李少奇, 彭 鋦
(重慶交通大學,重慶400074)
為了批判理論界提出的“經濟決定論”“社會宿命論”和“機械決定論”,恩格斯晚年提出了“歷史合力論”的思想。1894年1月,恩格斯在給瓦·博爾吉烏斯的信中詳細闡述了如下觀點:在經濟因素起決定性作用的前提下,建立在經濟基礎之上的上層建筑在社會歷史的發展中也起著重要作用(即強調了上層建筑的反作用)。他在《致約·布赫特》的信中進一步指出:“由無數個力的平行四邊形所組成的合力即為歷史結果。”[1]696單個人的意志或力量會對社會發展起著或大或小的作用,對社會的發展進程起著延緩或促進作用,但不能改變社會歷史進程的發展規律;人們創造屬于自己的歷史,但歸根到底要受到經濟運動的必然性支配。恩格斯對“歷史合力論”的上述闡述,理論界把它們分別稱為廣義合力論與狹義合力論。從具體內涵來講,必須正確處理和把握好歷史合力論中必然性與偶然性的辯證關系、整體與部分的辯證關系、合規律性與合目的性相統一的關系;從社會歷史的實現機制來講,必須正確處理和把握好歷史主體與主體之間的關系、歷史客體與客體之間的關系、歷史主體與客體之間的關系。在這一維度下,不論是廣義合力論還是狹義合力論,都強調各種因素的相互影響、相互作用。準確把握恩格斯歷史合力論思想觀點的深刻內涵,對于我們堅持以習近平新時代中國特色社會主義思想為指導,全面、協調推進“五位一體”總體布局和“四個全面”戰略布局,實現中華民族偉大復興的中國夢具有重大的現實指導意義。

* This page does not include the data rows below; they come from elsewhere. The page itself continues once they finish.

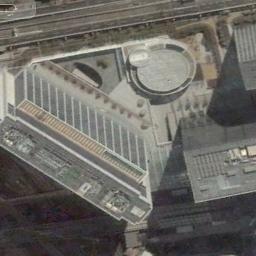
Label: commercial_area
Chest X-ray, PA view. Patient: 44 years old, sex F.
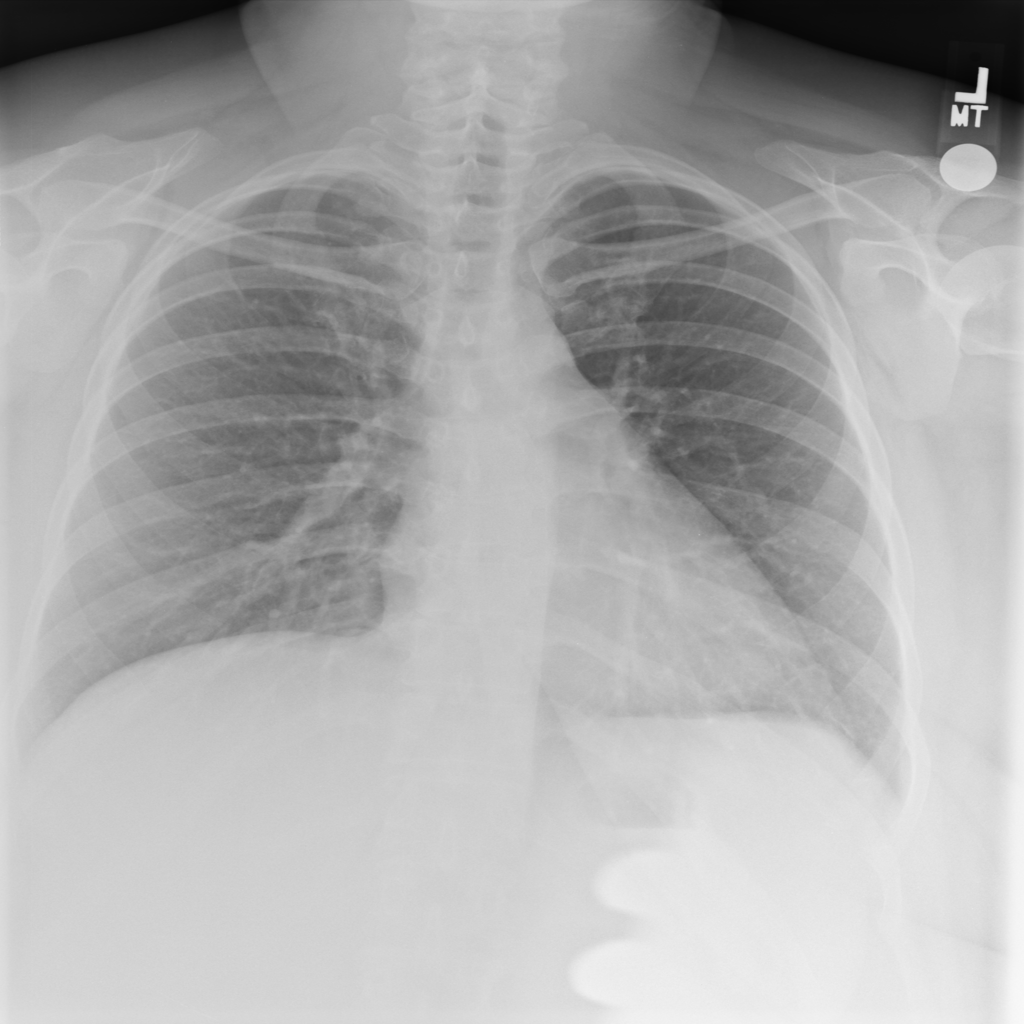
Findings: No Finding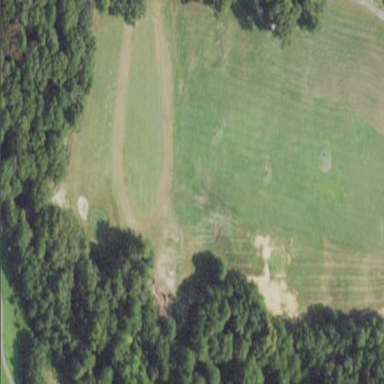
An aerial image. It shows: Driving range for golf with grass surface.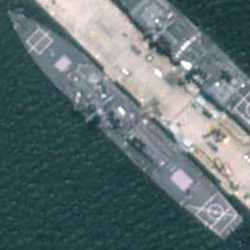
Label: destroyer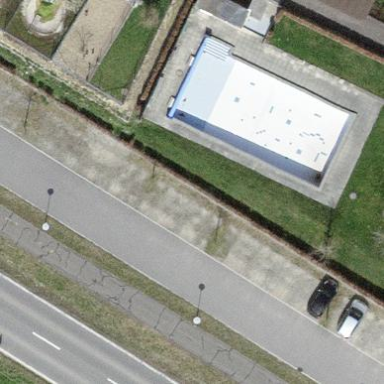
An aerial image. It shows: Swimming pool area designated for leisure and sport.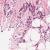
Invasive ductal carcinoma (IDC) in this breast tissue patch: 1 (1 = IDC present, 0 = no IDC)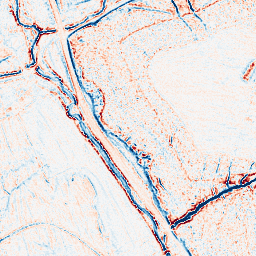
Category: edge_preserving
Decomposition family: anisotropic_diffusion
Decomposition parameters: iterations: 5
kappa: 30
gamma: 0.15
Upsampling method: bilinear
Upsampling parameters: scale: 2
Upsampling scale: 2
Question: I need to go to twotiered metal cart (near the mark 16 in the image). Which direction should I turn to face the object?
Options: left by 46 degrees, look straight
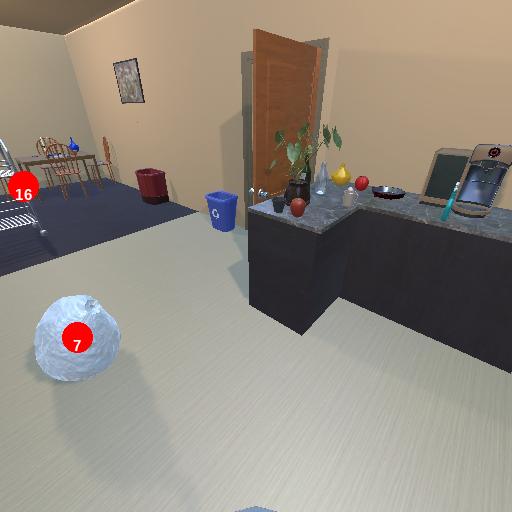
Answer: left by 46 degrees
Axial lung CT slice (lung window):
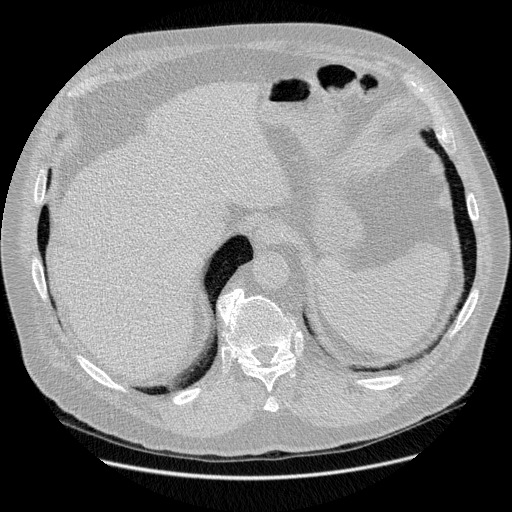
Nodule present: no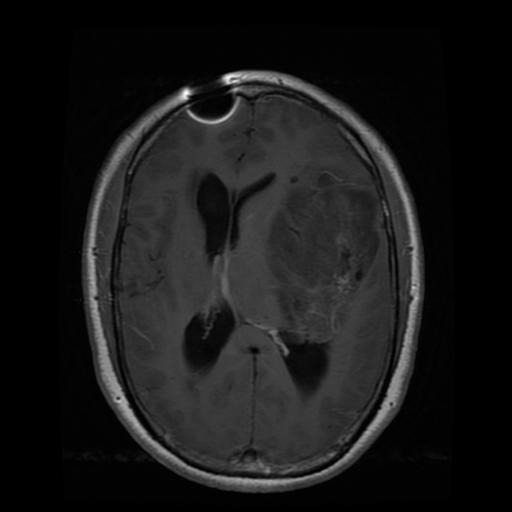
Label: glioma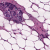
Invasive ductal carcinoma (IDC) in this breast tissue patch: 0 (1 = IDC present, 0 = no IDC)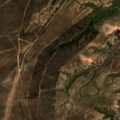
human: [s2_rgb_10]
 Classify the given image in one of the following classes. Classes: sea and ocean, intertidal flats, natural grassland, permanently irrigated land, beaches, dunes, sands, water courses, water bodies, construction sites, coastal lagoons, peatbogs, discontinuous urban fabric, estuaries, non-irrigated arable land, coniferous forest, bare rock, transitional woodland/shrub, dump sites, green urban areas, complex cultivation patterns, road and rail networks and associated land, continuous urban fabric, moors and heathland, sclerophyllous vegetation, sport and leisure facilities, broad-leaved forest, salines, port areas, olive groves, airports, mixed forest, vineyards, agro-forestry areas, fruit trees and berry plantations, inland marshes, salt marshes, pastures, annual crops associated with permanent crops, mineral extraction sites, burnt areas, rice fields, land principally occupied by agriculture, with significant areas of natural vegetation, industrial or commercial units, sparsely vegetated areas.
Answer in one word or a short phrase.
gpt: land principally occupied by agriculture, with significant areas of natural vegetation, agro-forestry areas, broad-leaved forest, transitional woodland/shrub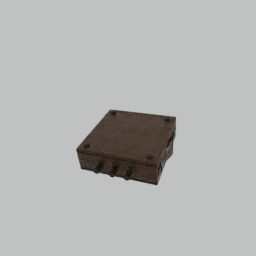
Label: electronics
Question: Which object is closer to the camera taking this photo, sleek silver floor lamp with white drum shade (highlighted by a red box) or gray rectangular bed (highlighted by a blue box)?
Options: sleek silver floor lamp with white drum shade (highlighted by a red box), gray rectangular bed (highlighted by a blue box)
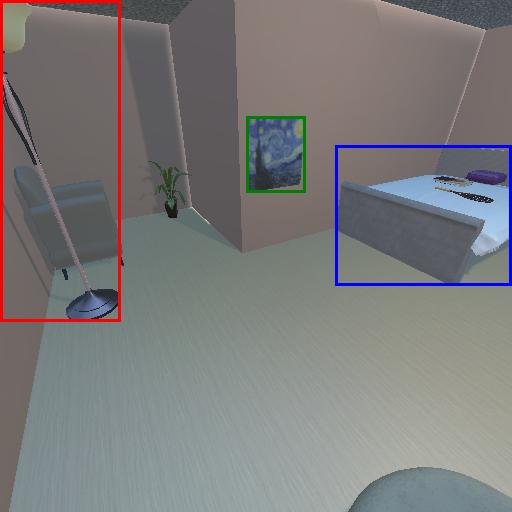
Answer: sleek silver floor lamp with white drum shade (highlighted by a red box)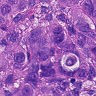
Metastatic tissue present: yes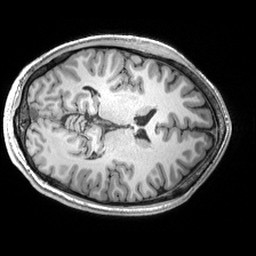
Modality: T1w
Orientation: axial
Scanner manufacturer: siemens
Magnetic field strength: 3 T
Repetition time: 2.53 s
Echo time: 0.00299 s
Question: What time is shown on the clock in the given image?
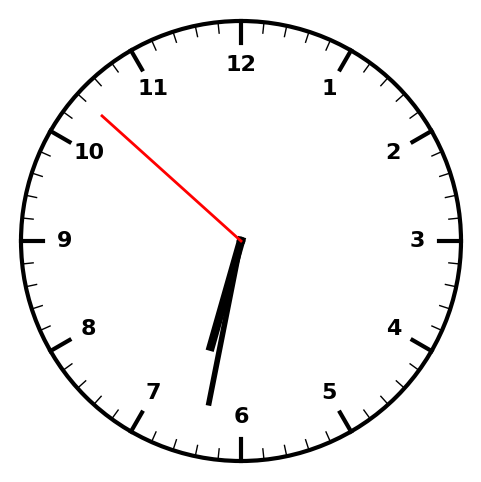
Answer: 06:31:52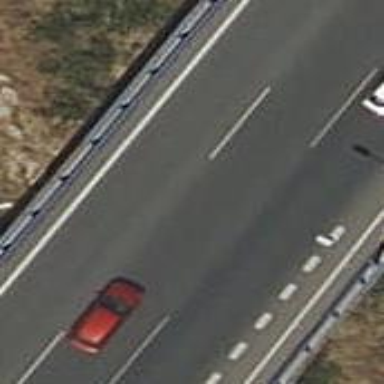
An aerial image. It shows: Asphalt bridge over motorway.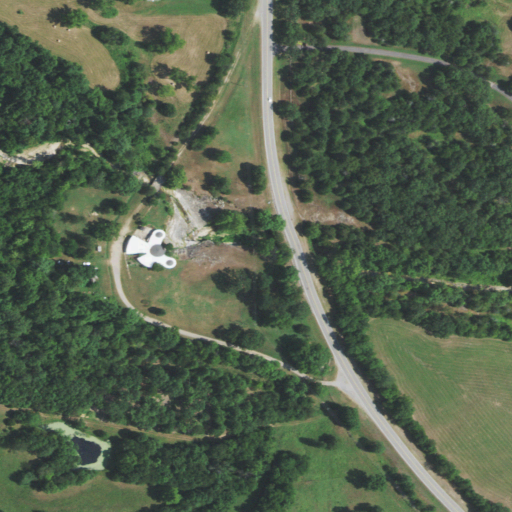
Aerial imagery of valley in Oklahoma named Steely Hollow containing pasture, deciduous forest, mixed forest, low intensity development, open development, and medium intensity development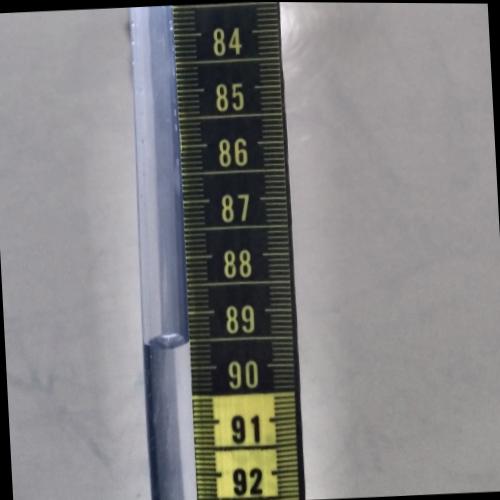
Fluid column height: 89.5 cm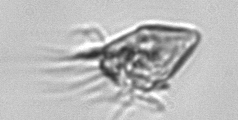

必然性與偶然性這一范疇揭示了事物發展趨勢中一定性與可能性的趨勢。必然性是指事物發展過程中符合規律發展、肯定要發生的趨勢;偶然性是指事物發展過程中可能會發生、也可能會以這樣或那樣形式發生的一種可變性的趨勢。必然性在事物發生、發展、消亡過程中起決定因素的作用;偶然性則使事物帶有不同的特點與特征,對事物的發展起著推動或遲延作用[2]31。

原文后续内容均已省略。